-- EXERCISE --
From the records below, set down exactly the lines starting with the line that contains "本制度は、法律に基づく就学支" and going on through the line that contains "提案団体である神奈川県におい". Nothing else is wanted.

^^^^^^^^^^^^^^^^

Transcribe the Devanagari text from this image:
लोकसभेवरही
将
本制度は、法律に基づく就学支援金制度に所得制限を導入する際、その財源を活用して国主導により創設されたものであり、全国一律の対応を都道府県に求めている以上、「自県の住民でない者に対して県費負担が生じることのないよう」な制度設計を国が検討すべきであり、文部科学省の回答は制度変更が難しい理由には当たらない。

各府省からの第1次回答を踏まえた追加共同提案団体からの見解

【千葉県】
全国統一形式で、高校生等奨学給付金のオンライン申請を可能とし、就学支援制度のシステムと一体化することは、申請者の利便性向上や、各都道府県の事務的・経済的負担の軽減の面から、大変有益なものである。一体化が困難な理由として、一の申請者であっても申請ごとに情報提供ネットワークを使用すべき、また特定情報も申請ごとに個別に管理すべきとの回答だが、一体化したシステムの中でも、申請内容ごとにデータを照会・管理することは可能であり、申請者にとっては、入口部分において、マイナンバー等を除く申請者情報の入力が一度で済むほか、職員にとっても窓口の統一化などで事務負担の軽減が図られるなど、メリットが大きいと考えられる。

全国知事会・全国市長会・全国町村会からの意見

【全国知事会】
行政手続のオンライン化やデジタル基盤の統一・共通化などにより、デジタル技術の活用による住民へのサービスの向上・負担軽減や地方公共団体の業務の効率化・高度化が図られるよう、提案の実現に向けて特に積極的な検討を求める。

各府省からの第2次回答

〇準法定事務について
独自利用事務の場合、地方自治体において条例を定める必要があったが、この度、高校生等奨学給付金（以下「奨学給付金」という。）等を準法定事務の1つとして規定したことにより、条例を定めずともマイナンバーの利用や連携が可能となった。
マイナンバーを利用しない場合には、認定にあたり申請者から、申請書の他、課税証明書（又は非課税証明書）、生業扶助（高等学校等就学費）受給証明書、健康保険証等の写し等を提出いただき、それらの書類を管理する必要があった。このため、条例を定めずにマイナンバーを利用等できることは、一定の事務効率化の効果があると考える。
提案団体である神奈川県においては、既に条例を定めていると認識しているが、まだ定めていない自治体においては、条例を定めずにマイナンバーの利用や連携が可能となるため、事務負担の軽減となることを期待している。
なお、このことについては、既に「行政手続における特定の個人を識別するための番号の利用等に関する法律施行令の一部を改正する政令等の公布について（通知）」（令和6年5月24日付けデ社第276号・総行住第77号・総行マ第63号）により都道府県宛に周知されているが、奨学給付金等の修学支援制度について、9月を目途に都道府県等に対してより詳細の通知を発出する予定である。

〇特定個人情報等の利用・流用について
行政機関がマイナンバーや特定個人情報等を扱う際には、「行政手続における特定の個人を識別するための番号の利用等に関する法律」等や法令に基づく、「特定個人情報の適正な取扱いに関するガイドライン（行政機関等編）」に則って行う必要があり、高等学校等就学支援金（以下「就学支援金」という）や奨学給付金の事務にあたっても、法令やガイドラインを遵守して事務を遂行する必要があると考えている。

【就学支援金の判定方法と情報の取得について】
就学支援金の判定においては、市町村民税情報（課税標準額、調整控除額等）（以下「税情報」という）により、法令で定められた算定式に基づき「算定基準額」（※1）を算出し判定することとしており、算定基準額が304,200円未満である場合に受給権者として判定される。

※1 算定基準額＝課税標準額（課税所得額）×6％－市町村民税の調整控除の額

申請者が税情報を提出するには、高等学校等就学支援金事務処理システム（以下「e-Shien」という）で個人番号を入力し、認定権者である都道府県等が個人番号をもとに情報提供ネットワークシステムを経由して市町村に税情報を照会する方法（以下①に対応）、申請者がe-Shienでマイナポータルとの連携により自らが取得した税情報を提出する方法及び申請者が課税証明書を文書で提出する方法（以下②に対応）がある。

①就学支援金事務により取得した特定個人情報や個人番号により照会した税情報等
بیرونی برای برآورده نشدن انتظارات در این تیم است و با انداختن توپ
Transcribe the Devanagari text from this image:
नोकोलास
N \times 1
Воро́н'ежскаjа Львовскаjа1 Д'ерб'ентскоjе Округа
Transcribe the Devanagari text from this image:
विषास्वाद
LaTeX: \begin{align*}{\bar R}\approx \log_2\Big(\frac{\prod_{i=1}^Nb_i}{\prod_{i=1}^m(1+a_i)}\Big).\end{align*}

^^^^^^^^^^^^^^^^

-- WRITTEN RESPONSE --
本制度は、法律に基づく就学支援金制度に所得制限を導入する際、その財源を活用して国主導により創設されたものであり、全国一律の対応を都道府県に求めている以上、「自県の住民でない者に対して県費負担が生じることのないよう」な制度設計を国が検討すべきであり、文部科学省の回答は制度変更が難しい理由には当たらない。

各府省からの第1次回答を踏まえた追加共同提案団体からの見解

【千葉県】
全国統一形式で、高校生等奨学給付金のオンライン申請を可能とし、就学支援制度のシステムと一体化することは、申請者の利便性向上や、各都道府県の事務的・経済的負担の軽減の面から、大変有益なものである。一体化が困難な理由として、一の申請者であっても申請ごとに情報提供ネットワークを使用すべき、また特定情報も申請ごとに個別に管理すべきとの回答だが、一体化したシステムの中でも、申請内容ごとにデータを照会・管理することは可能であり、申請者にとっては、入口部分において、マイナンバー等を除く申請者情報の入力が一度で済むほか、職員にとっても窓口の統一化などで事務負担の軽減が図られるなど、メリットが大きいと考えられる。

全国知事会・全国市長会・全国町村会からの意見

【全国知事会】
行政手続のオンライン化やデジタル基盤の統一・共通化などにより、デジタル技術の活用による住民へのサービスの向上・負担軽減や地方公共団体の業務の効率化・高度化が図られるよう、提案の実現に向けて特に積極的な検討を求める。

各府省からの第2次回答

〇準法定事務について
独自利用事務の場合、地方自治体において条例を定める必要があったが、この度、高校生等奨学給付金（以下「奨学給付金」という。）等を準法定事務の1つとして規定したことにより、条例を定めずともマイナンバーの利用や連携が可能となった。
マイナンバーを利用しない場合には、認定にあたり申請者から、申請書の他、課税証明書（又は非課税証明書）、生業扶助（高等学校等就学費）受給証明書、健康保険証等の写し等を提出いただき、それらの書類を管理する必要があった。このため、条例を定めずにマイナンバーを利用等できることは、一定の事務効率化の効果があると考える。
提案団体である神奈川県においては、既に条例を定めていると認識しているが、まだ定めていない自治体においては、条例を定めずにマイナンバーの利用や連携が可能となるため、事務負担の軽減となることを期待している。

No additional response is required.